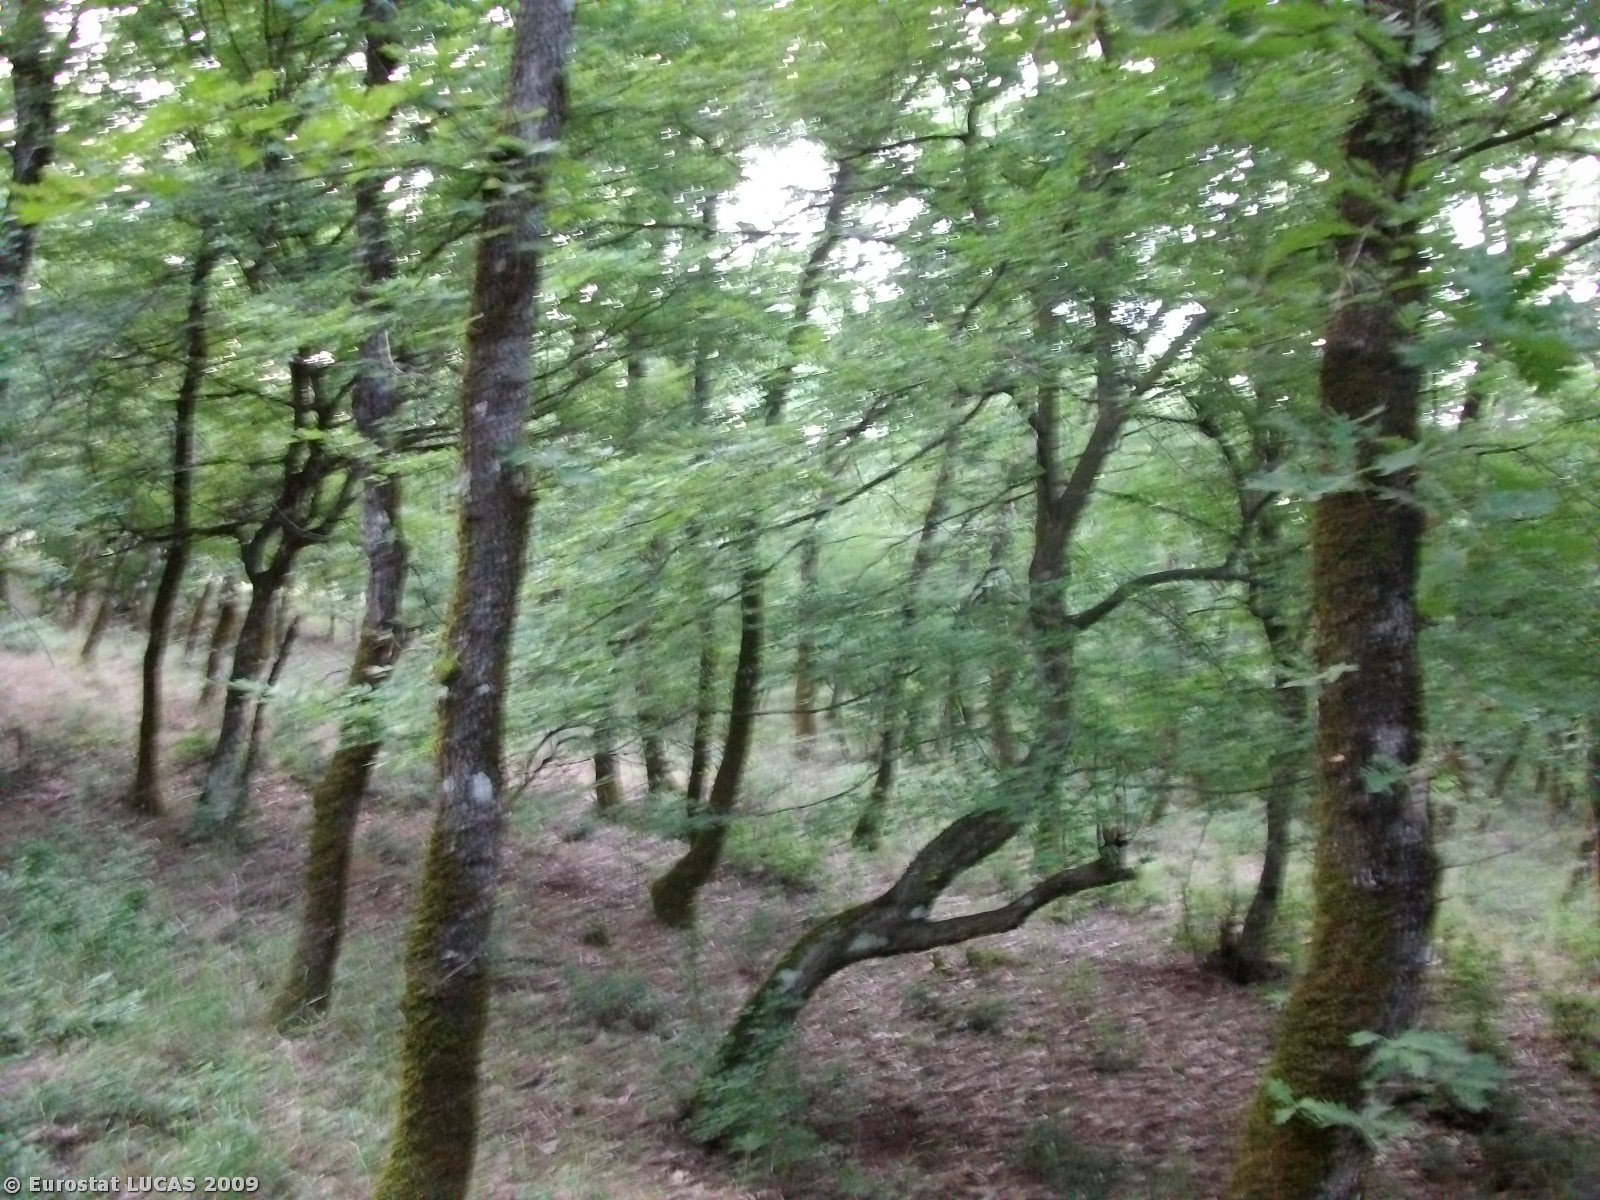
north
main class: Woodland
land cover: Broadleaved woodland
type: broadleaved evergreen forest
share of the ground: > 75 %
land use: Forestry
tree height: > 5 m
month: July
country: GR
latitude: 39.5395
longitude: 21.6059

YOUR ASSIGNMENT » The output must be every line of the records, printed exactly, with the pictures omitted.

OUTPUT OF THE TASK »
north
main class: Woodland
land cover: Broadleaved woodland
type: broadleaved evergreen forest
share of the ground: > 75 %
land use: Forestry
tree height: > 5 m
month: July
country: GR
latitude: 39.5395
longitude: 21.6059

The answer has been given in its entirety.